Gold ETF Boosts 60/20/20 Portfolio to 9.86% Annualized Return
Backtesting shows a 60/20/20 stock, bond, gold portfolio generated a 9.86% annualized return over 2004–2026, outperforming the 7.94% from a 60/40 allocation. Adding gold cut the 2022 drawdown to 14.47% versus 16.9% and boosted Sharpe ratio to 0.70 from 0.58.
1. Portfolio Backtest Results
A backtest of a 60% stock, 20% bond, 20% gold mix delivered a 9.86% annualized return from 2004–2026, compared with 7.94% for a traditional 60/40 stock-bond portfolio. The gold-enhanced allocation trimmed its worst drawdown in 2022 to 14.47%, versus 16.9%, while raising the Sharpe ratio to 0.70 from 0.58.
2. Gold’s Diversification Benefits
Gold’s value drivers differ from equities and bonds, acting as a store of value that tends to appreciate when fiat currency purchasing power declines.
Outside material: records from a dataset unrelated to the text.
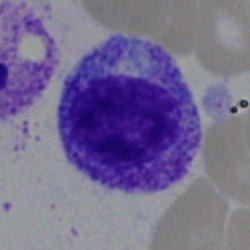

Bone marrow smear showing a myelocyte.
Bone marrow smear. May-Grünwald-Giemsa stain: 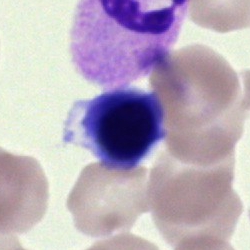
Showing an artifact.
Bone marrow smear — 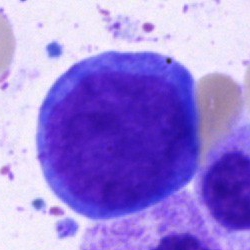
Cell type — proerythroblast.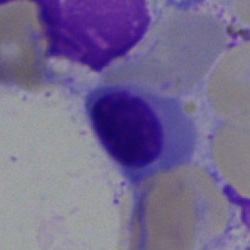

Cell type — erythroblast.
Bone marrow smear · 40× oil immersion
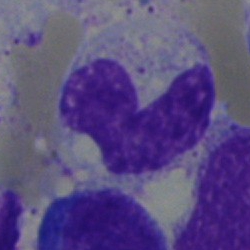
Classification: band-form neutrophil.
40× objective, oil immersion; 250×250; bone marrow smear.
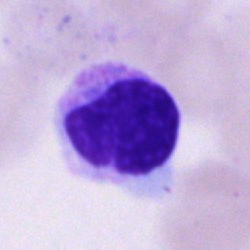
This is a band neutrophil.
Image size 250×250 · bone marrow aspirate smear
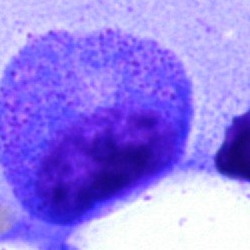Q: What is shown here?
A: This is a promyelocyte.
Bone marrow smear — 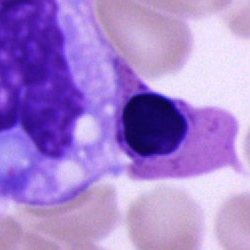
Morphology consistent with a cell of indeterminate lineage.
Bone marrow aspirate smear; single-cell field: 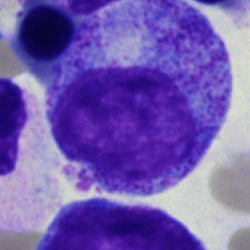

Myelocyte.
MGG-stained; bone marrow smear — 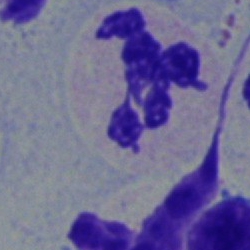 Cell: neutrophil (segmented).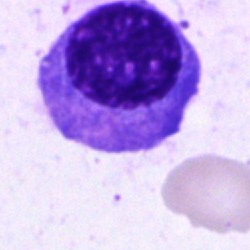Single-cell crop from a bone marrow smear: plasmacyte.
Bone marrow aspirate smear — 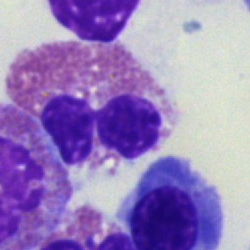Cell — eosinophil.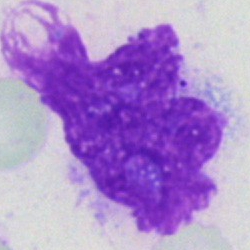Q: What is shown here?
A: It is an artefact.
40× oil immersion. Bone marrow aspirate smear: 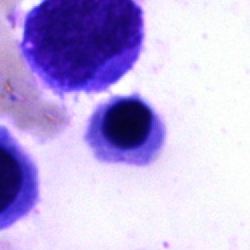 Morphological class = normoblast.
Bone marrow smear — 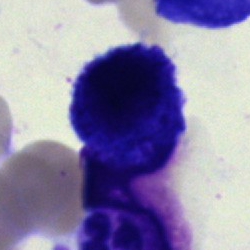
Morphology consistent with a plasmacyte.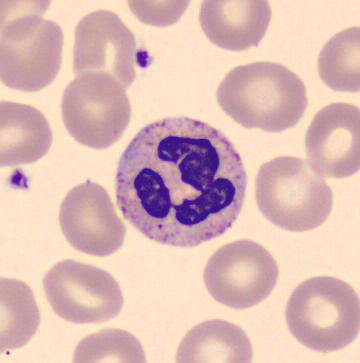
Morphological class = segmented neutrophil.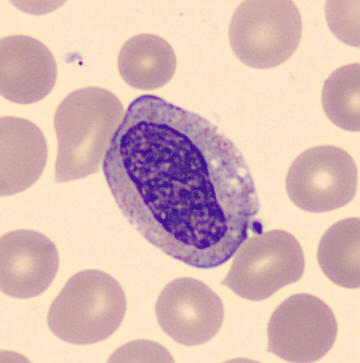 Preparation: Peripheral blood smear.
Impression → myelocyte.
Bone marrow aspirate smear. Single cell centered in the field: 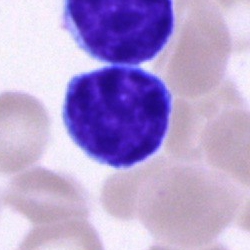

Its slow supply growth through mining and lack of yield ties gold’s performance to inflation trends and currency debasement, providing low correlation to traditional assets.
3. Impact on GLD Investors
Investors using the gold ETF gain exposure to gold’s inflation hedge and diversification benefits without direct bullion ownership. Incorporating GLD into balanced portfolios may enhance risk-adjusted returns and reduce volatility during periods of rising rates and inflation.